■ **How to complete this task**:
From the line containing "A book cover" through the last line of the entries, output the text exactly. Pictures stay out.

■ **Exercise data**:
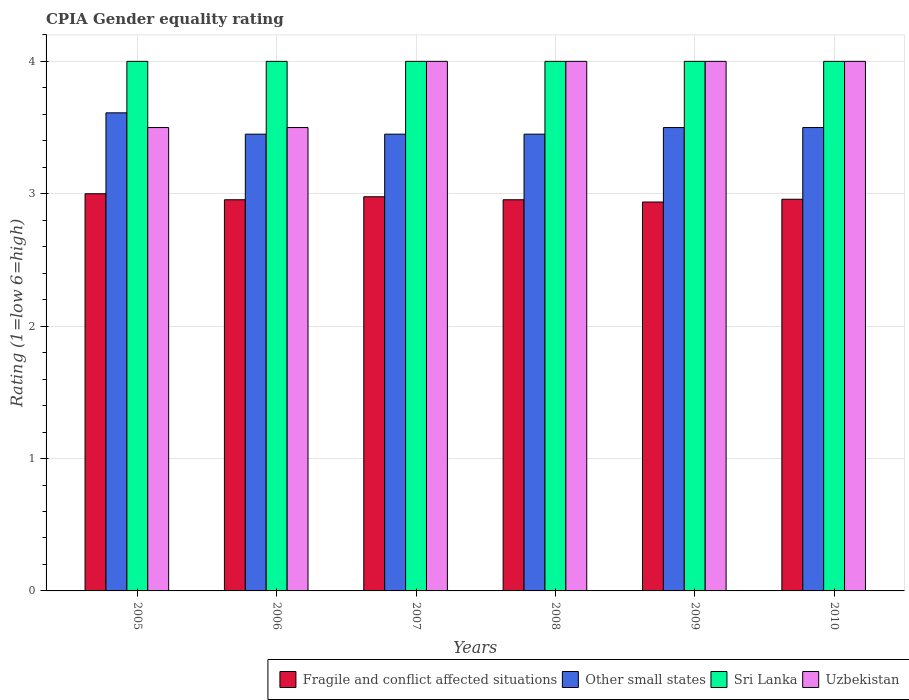
| Years | Fragile and conflict affected situations | Other small states | Sri Lanka | Uzbekistan |
 | --- | --- | --- | --- | --- |
 | 2005 | 3 | 3.61 | 4 | 3.5 |
 | 2006 | 2.95 | 3.45 | 4 | 3.5 |
 | 2007 | 2.98 | 3.45 | 4 | 4 |
 | 2008 | 2.95 | 3.45 | 4 | 4 |
 | 2009 | 2.94 | 3.5 | 4 | 4 |
 | 2010 | 2.96 | 3.5 | 4 | 4 |
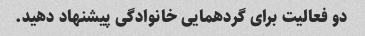
دو فعالیت برای گردهمایی خانوادگی پیشنهاد دهید.
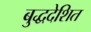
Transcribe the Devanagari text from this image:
बुद्धदेशित
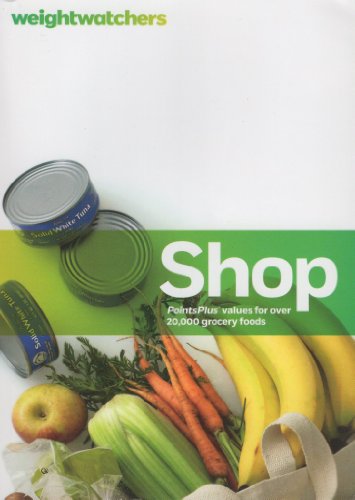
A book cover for Weight Watchers Shop: PointsPlus Values for Over 20,000 Grocery Foods; Weight Watchers Staff; Health, Fitness & Dieting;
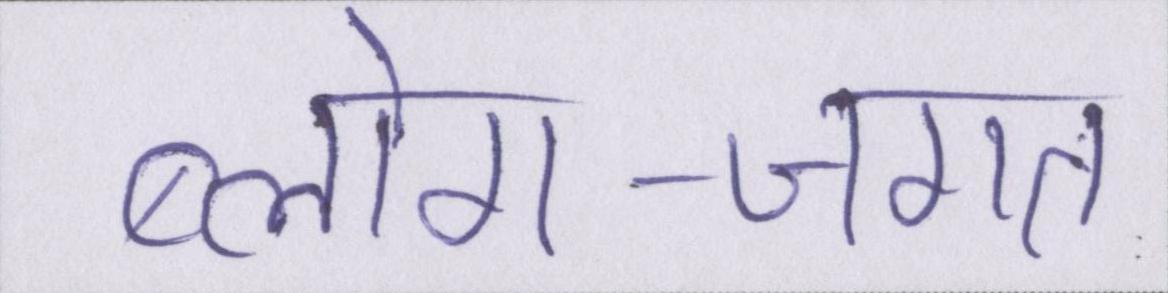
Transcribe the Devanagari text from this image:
ब्लोग-जगत
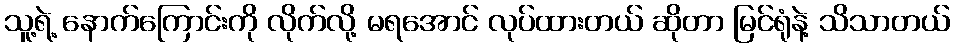
သူ့ရဲ့ နောက်ကြောင်းကို လိုက်လို့ မရအောင် လုပ်ထားတယ် ဆိုတာ မြင်ရုံနဲ့ သိသာတယ်
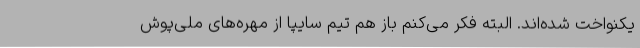
یکنواخت شده‌اند. البته فکر می‌کنم باز هم تیم سایپا از مهره‌های ملی‌پوش
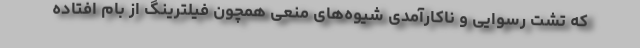
که تشت رسوایی و ناکارآمدی شیوه‌های منعی همچون فیلترینگ از بام افتاده
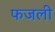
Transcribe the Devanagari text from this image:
फजली
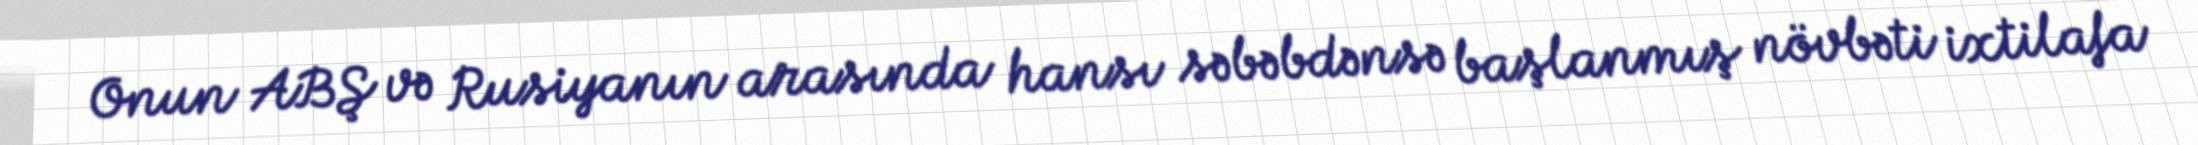
Onun ABŞ və Rusiyanın arasında hansı səbəbdənsə başlanmış növbəti ixtilafa
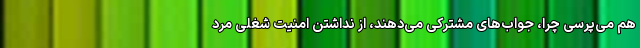
هم می‌پرسی چرا، جواب‌های مشترکی می‌دهند، از نداشتن امنیت شغلی مرد
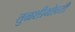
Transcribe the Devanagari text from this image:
तुळशीभोवती
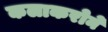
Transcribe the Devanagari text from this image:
कलाकरोने
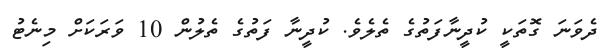
ދެވަނަ ގޮތަކީ ކުދީނާފަތުގެ ތެލެވެ. ކުދީނާ ފަތުގެ ތެލުން 10 ވަރަކަށް މިނެޓު
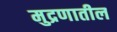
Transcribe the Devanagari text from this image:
मुद्रणातील
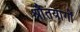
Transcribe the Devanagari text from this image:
श्रौतयागों
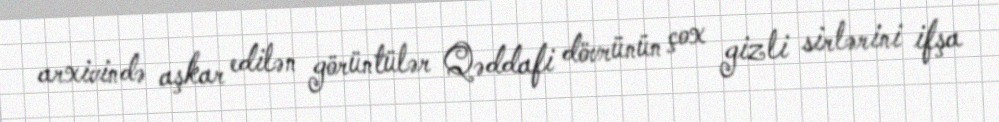
arxivində aşkar edilən görüntülər Qəddafi dövrünün çox gizli sirlərini ifşa
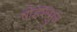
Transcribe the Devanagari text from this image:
षोडशभुज
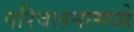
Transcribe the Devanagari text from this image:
परिवलनामध्ये
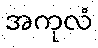
အကုလံ
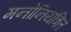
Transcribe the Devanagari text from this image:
मनोनियंत्रित
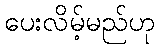
ပေးလိမ့်မည်ဟု
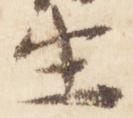
生
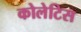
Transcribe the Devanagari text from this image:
कोलेटिस
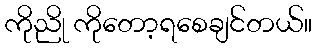
ကိုညို ကိုတော့ရစေချင်တယ်။
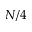
N / 4
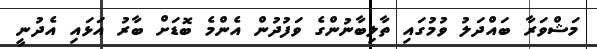
މަޝްވަރާ ބައްދަލު ވުމުގައި ތާލިބާނުންގެ ވަފުދުން އެންމެ ބޮޑަށް ބާރު އަޅައި އެދުނީ
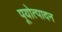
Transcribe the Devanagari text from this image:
पूयोत्पादन
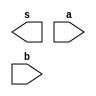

■ **Response box**:
A book cover for Weight Watchers Shop: PointsPlus Values for Over 20,000 Grocery Foods; Weight Watchers Staff; Health, Fitness & Dieting;
Transcribe the Devanagari text from this image:
ब्लोग-जगत
သူ့ရဲ့ နောက်ကြောင်းကို လိုက်လို့ မရအောင် လုပ်ထားတယ် ဆိုတာ မြင်ရုံနဲ့ သိသာတယ်
یکنواخت شده‌اند. البته فکر می‌کنم باز هم تیم سایپا از مهره‌های ملی‌پوش
که تشت رسوایی و ناکارآمدی شیوه‌های منعی همچون فیلترینگ از بام افتاده
Transcribe the Devanagari text from this image:
फजली
Onun ABŞ və Rusiyanın arasında hansı səbəbdənsə başlanmış növbəti ixtilafa
هم می‌پرسی چرا، جواب‌های مشترکی می‌دهند، از نداشتن امنیت شغلی مرد
Transcribe the Devanagari text from this image:
तुळशीभोवती
Transcribe the Devanagari text from this image:
कलाकरोने
ދެވަނަ ގޮތަކީ ކުދީނާފަތުގެ ތެލެވެ. ކުދީނާ ފަތުގެ ތެލުން 10 ވަރަކަށް މިނެޓު
Transcribe the Devanagari text from this image:
मुद्रणातील
Transcribe the Devanagari text from this image:
श्रौतयागों
arxivində aşkar edilən görüntülər Qəddafi dövrünün çox gizli sirlərini ifşa
Transcribe the Devanagari text from this image:
षोडशभुज
Transcribe the Devanagari text from this image:
परिवलनामध्ये
အကုလံ
Transcribe the Devanagari text from this image:
मनोनियंत्रित
ပေးလိမ့်မည်ဟု
生
Transcribe the Devanagari text from this image:
कोलेटिस
ကိုညို ကိုတော့ရစေချင်တယ်။
N / 4
މަޝްވަރާ ބައްދަލު ވުމުގައި ތާލިބާނުންގެ ވަފުދުން އެންމެ ބޮޑަށް ބާރު އަޅައި އެދުނީ
Transcribe the Devanagari text from this image:
पूयोत्पादन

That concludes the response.